* **ASSIGNMENT**:
Print the entries below word for word; the pictures stay out of your copy.

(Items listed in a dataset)
☆ ☆ ☆

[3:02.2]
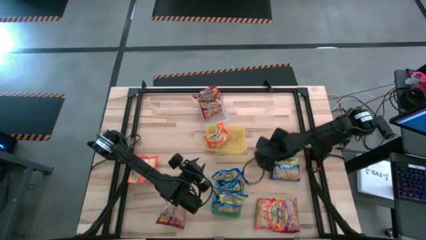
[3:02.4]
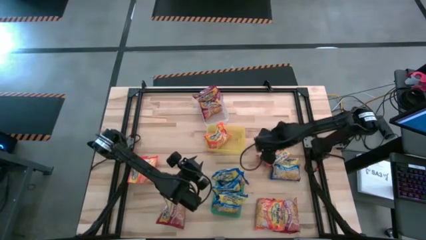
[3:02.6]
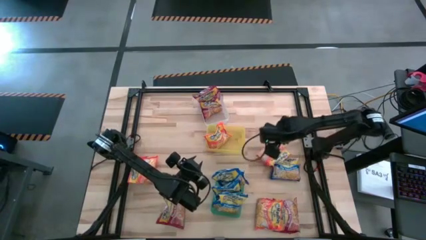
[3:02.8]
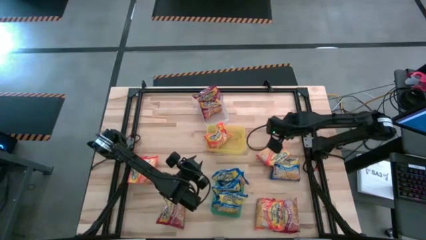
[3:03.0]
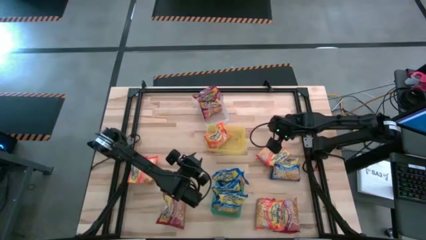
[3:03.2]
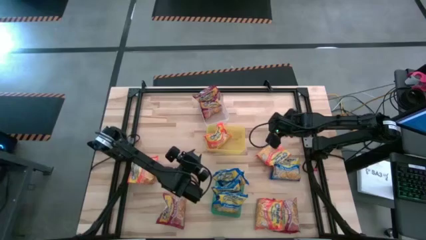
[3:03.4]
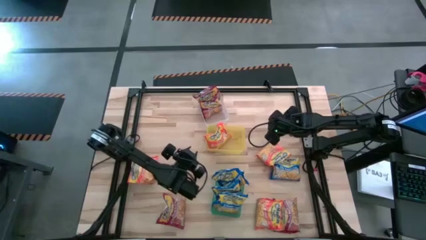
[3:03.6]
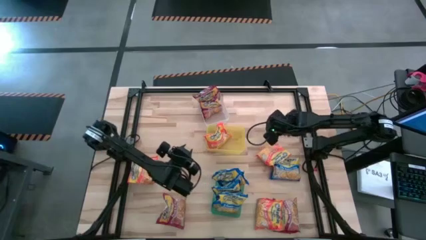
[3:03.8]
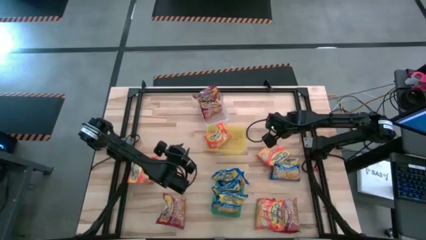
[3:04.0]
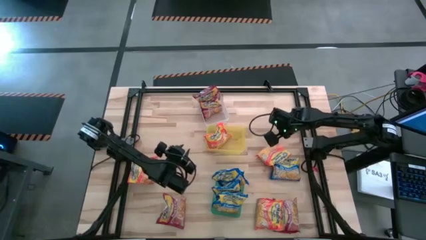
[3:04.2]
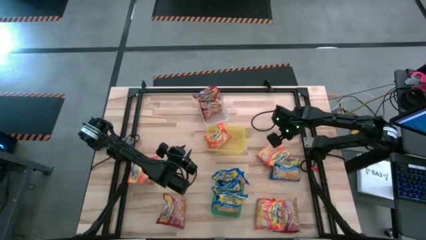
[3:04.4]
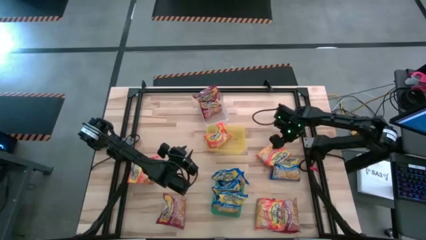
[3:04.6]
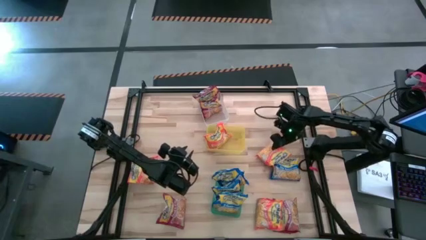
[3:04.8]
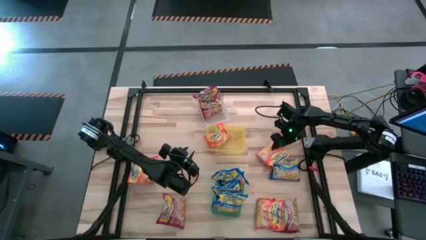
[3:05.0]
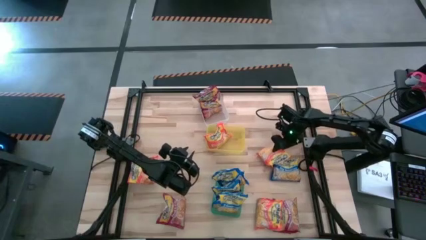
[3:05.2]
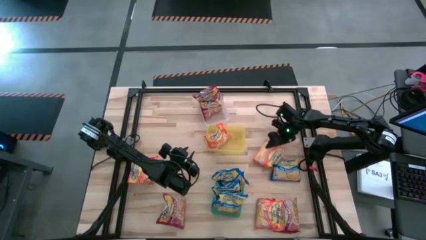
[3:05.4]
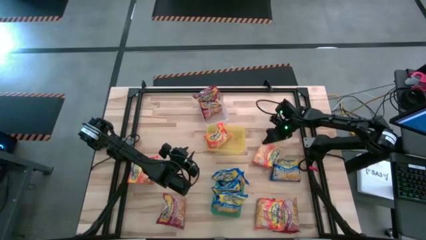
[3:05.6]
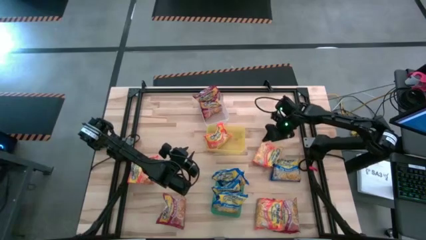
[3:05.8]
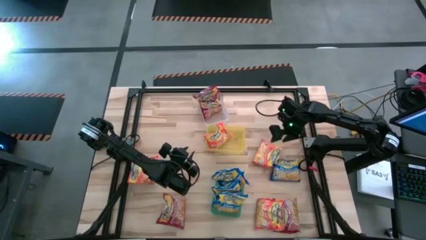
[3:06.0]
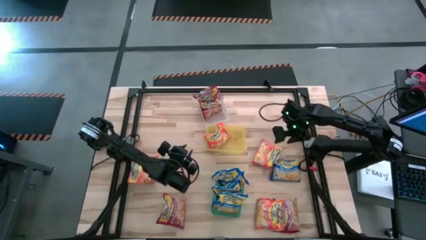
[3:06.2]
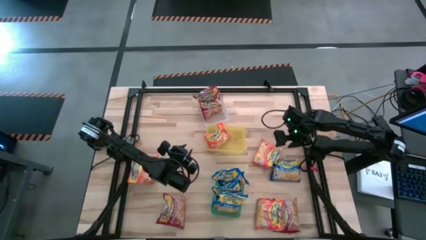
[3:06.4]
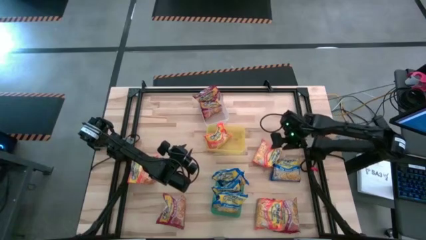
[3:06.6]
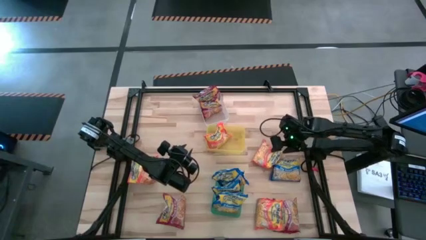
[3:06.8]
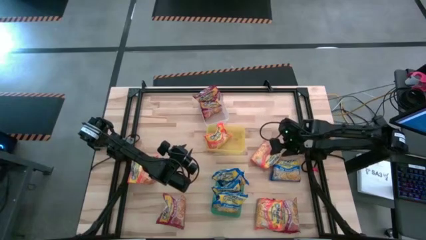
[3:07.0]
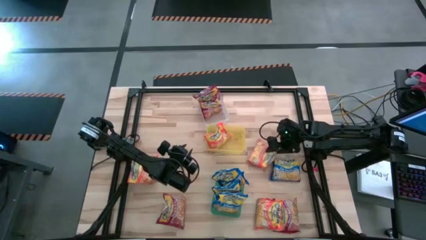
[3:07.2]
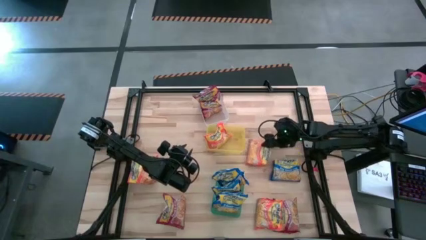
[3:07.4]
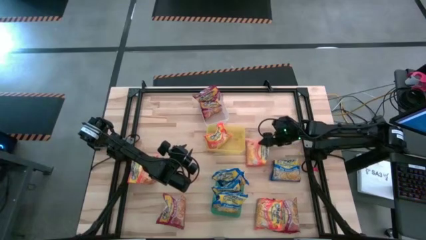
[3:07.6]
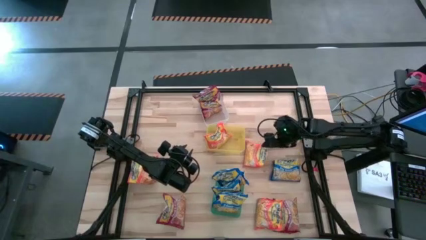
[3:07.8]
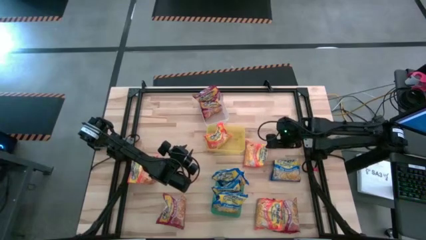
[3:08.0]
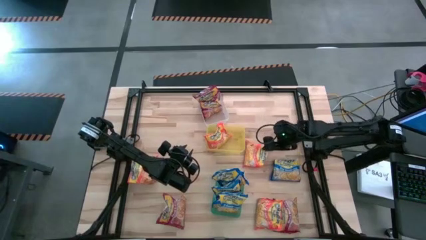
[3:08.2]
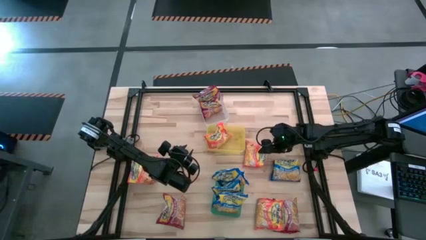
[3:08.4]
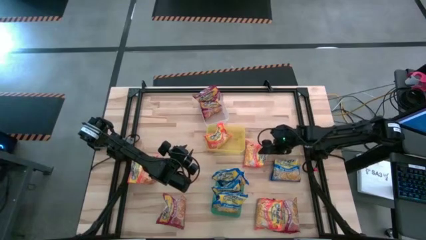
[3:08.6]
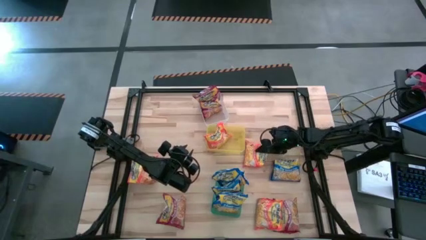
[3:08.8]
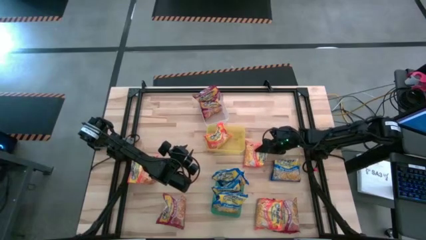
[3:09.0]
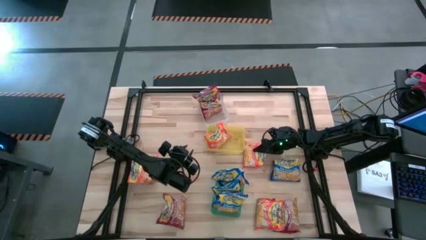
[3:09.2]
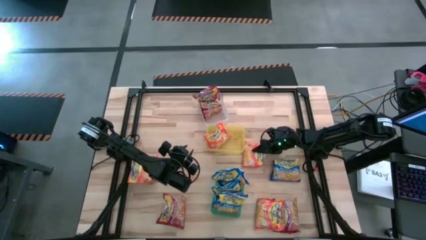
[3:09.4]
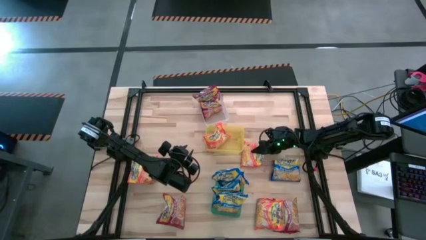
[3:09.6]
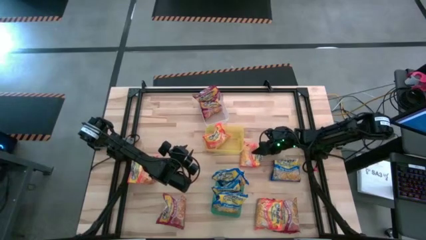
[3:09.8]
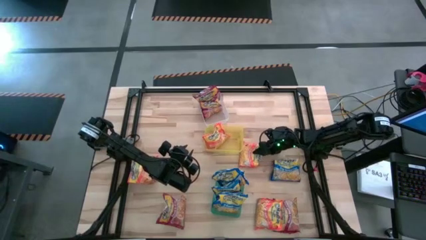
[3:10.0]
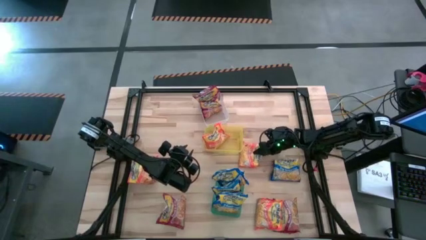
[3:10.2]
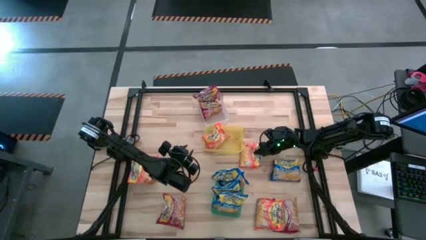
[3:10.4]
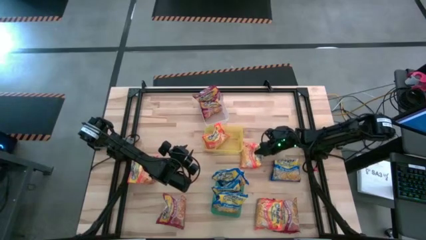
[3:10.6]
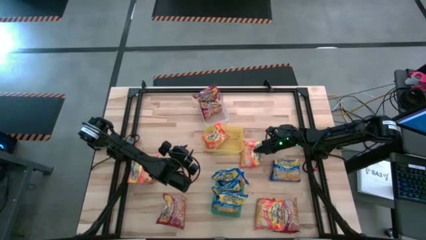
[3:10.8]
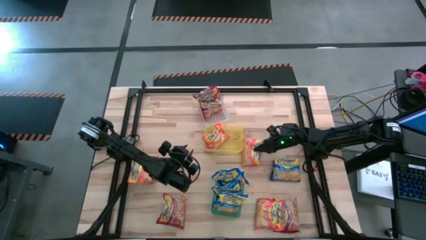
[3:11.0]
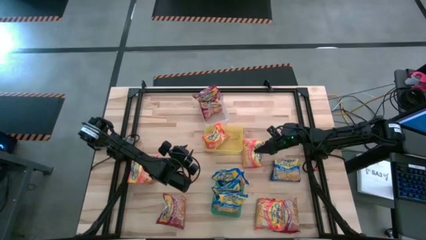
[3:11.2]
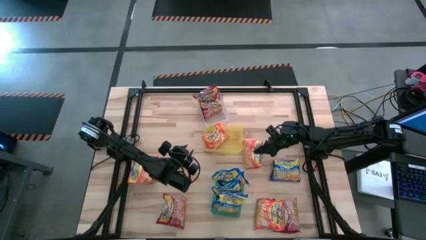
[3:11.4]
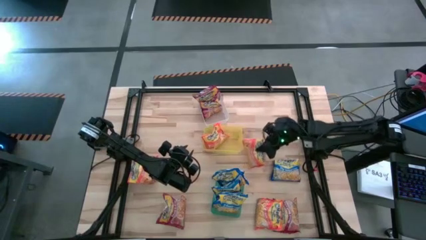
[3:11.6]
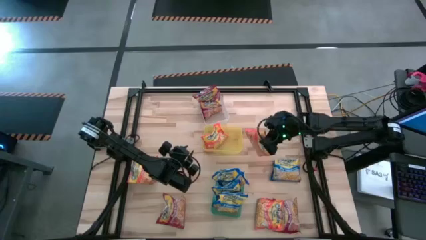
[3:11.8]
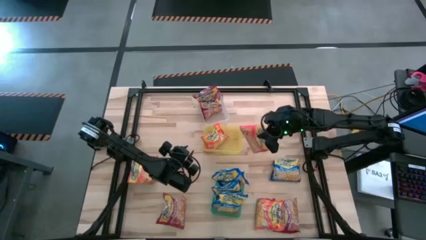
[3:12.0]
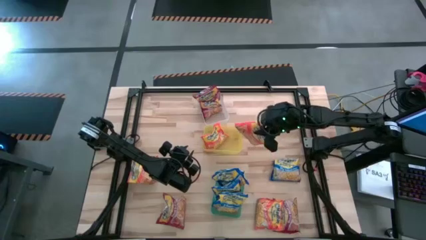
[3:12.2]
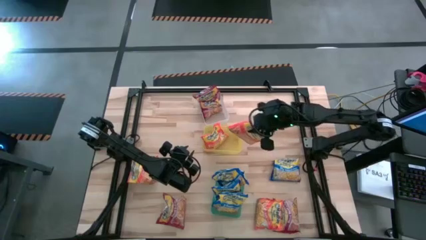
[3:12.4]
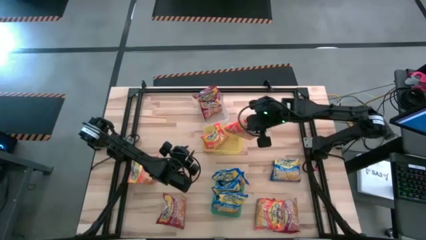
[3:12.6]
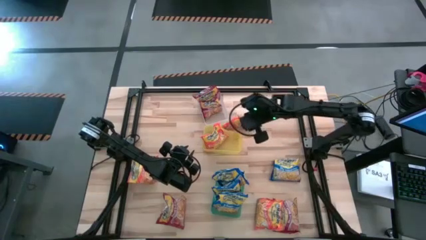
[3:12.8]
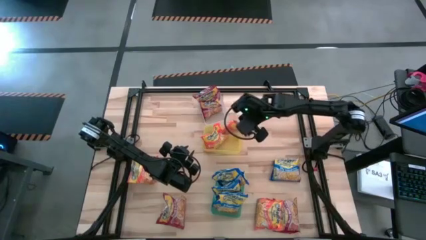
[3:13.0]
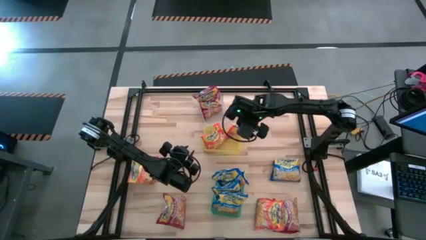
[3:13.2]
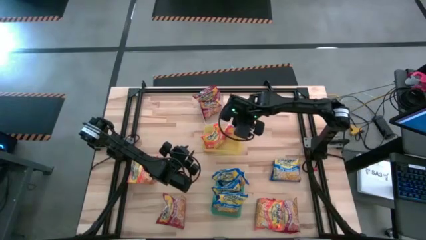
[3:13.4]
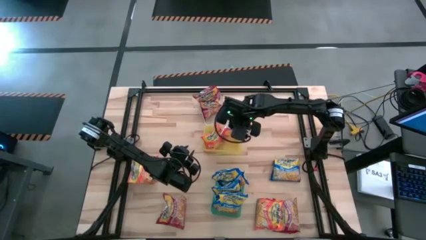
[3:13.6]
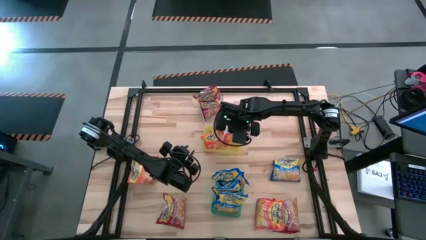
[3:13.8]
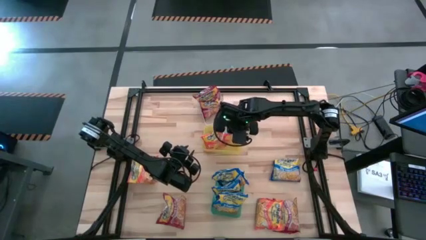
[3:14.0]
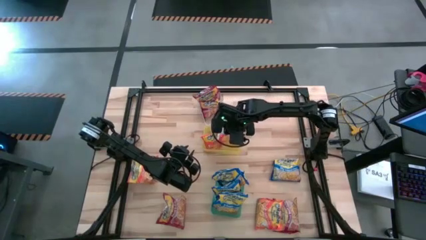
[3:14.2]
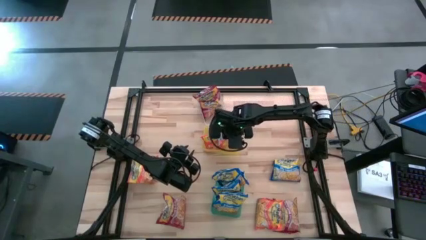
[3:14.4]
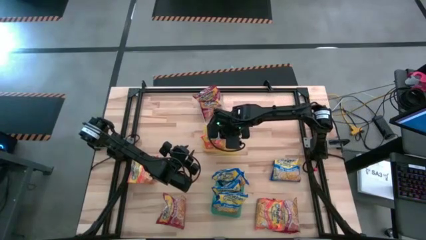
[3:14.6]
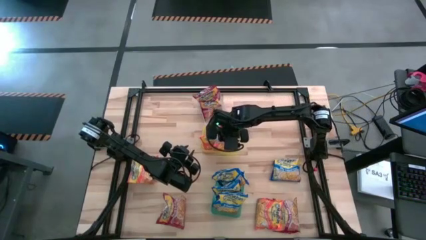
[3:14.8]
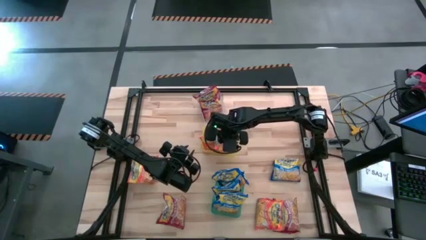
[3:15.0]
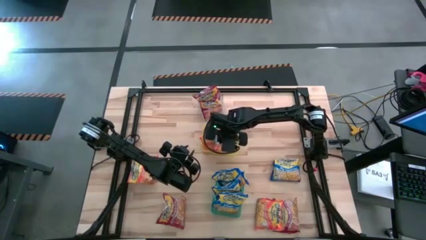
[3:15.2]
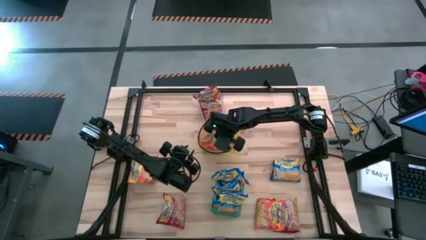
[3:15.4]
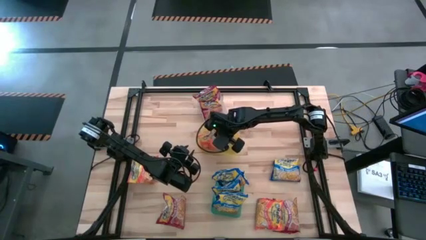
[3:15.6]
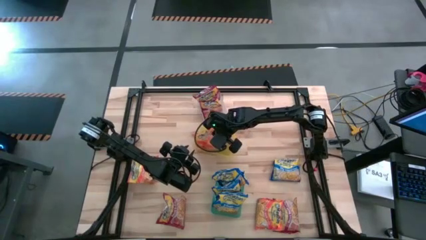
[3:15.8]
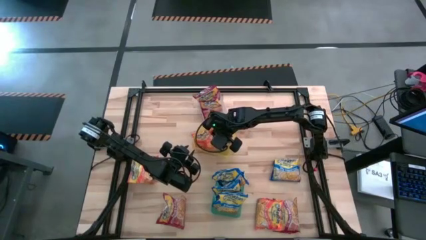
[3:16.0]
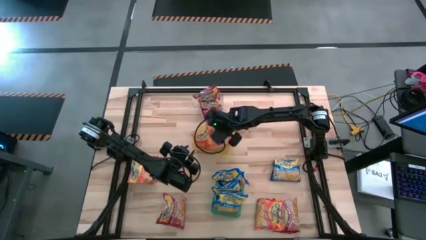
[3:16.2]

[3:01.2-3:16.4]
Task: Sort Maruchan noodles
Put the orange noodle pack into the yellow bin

☆ ☆ ☆

* **YOUR SOLUTION**:
[3:02.2]
[3:02.4]
[3:02.6]
[3:02.8]
[3:03.0]
[3:03.2]
[3:03.4]
[3:03.6]
[3:03.8]
[3:04.0]
[3:04.2]
[3:04.4]
[3:04.6]
[3:04.8]
[3:05.0]
[3:05.2]
[3:05.4]
[3:05.6]
[3:05.8]
[3:06.0]
[3:06.2]
[3:06.4]
[3:06.6]
[3:06.8]
[3:07.0]
[3:07.2]
[3:07.4]
[3:07.6]
[3:07.8]
[3:08.0]
[3:08.2]
[3:08.4]
[3:08.6]
[3:08.8]
[3:09.0]
[3:09.2]
[3:09.4]
[3:09.6]
[3:09.8]
[3:10.0]
[3:10.2]
[3:10.4]
[3:10.6]
[3:10.8]
[3:11.0]
[3:11.2]
[3:11.4]
[3:11.6]
[3:11.8]
[3:12.0]
[3:12.2]
[3:12.4]
[3:12.6]
[3:12.8]
[3:13.0]
[3:13.2]
[3:13.4]
[3:13.6]
[3:13.8]
[3:14.0]
[3:14.2]
[3:14.4]
[3:14.6]
[3:14.8]
[3:15.0]
[3:15.2]
[3:15.4]
[3:15.6]
[3:15.8]
[3:16.0]
[3:16.2]

[3:01.2-3:16.4]
Task: Sort Maruchan noodles
Put the orange noodle pack into the yellow bin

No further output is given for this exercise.